Sebagai abd’ (hamba)-Nya yang
juga adalah khalifah-Nya yang sedang menjalankan tugas di muka bumi beranikah
kita menyatakan bahwa hadiah dan penghargaan dari Allah SWT kepada orang yang
tidak mau beriman kepada Allah SWT lebih baik, lebih enak dan lebih bermutu
dibandingkan dengan hadiah dan penghargaan yang diberikan Allah SWT kepada
orang yang taat dan patuh? Jawaban dari pertanyaan ini,
hanya diri kitalah yang tahu pasti karena hal ini akan menunjukkan kepada diri
kita kemana kita akan pulang kampung.
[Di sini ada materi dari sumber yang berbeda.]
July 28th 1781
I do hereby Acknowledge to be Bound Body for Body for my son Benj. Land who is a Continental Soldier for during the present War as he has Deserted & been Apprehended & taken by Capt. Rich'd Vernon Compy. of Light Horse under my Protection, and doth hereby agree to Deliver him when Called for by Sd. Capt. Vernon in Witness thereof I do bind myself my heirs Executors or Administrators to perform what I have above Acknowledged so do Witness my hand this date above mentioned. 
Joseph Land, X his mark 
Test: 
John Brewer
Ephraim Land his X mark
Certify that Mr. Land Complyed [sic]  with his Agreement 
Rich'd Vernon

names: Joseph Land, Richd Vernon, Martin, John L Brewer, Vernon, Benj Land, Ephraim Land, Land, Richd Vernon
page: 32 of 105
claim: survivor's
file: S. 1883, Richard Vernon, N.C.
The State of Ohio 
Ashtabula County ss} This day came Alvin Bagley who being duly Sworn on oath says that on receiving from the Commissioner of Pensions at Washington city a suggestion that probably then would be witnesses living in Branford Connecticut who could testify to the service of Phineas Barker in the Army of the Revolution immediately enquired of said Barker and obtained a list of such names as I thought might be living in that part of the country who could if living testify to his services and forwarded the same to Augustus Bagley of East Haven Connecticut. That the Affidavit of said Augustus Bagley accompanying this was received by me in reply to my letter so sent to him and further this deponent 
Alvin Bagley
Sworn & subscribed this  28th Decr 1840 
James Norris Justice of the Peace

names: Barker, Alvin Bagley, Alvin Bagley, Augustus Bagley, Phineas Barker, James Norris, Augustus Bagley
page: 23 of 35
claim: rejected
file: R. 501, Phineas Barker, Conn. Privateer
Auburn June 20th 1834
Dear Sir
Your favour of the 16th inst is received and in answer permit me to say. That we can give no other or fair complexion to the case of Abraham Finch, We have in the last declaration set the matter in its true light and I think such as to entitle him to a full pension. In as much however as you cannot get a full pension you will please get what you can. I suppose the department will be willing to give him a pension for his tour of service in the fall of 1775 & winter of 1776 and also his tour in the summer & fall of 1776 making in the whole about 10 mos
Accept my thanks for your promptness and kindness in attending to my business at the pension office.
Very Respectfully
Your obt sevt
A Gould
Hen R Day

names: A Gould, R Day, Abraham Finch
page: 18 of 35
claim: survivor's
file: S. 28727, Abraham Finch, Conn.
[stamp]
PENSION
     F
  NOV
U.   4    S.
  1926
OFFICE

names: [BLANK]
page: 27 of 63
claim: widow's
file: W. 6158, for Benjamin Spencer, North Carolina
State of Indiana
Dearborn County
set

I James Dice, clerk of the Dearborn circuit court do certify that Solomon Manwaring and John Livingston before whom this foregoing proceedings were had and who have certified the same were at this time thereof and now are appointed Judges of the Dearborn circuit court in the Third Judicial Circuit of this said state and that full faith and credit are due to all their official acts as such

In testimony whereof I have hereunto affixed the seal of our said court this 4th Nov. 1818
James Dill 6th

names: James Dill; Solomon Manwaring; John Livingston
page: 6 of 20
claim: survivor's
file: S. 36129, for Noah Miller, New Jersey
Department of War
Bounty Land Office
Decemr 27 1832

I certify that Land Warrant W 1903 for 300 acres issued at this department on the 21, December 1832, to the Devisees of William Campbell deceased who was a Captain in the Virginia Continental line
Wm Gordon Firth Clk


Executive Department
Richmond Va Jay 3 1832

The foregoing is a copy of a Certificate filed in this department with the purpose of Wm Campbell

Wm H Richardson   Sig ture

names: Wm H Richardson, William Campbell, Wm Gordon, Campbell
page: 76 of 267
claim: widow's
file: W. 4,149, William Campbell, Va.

Selanjutnya ketahuilah bahwa segala
ancama Allah SWT bukanlah sebatas pengumuman dan informasi belaka yang dikemukakan
oleh Allah SWT di dalam AlQuran. Akan
tetapi apa yang telah dikemukakan oleh Allah
SWT dalam AlQuan pasti akan dilaksanakan oleh Allah SWT. Sekarang setelah
mengetahui akan adanya sanksi dan penghargaan dari Allah SWT kepada orang-orang
yang tidak mau beriman kepada Allah SWT, seharusnya kondisi ini membuat diri
kita menjadi lebih sadar lalu melakukan Taubatan Nasuha ataukah menjadikan diri
kita takut untuk melawan Allah SWT karena kita tidak pernah menciptakan dan
memiliki langit dan bumi, terkecuali kita sanggup menahan panasnya api neraka.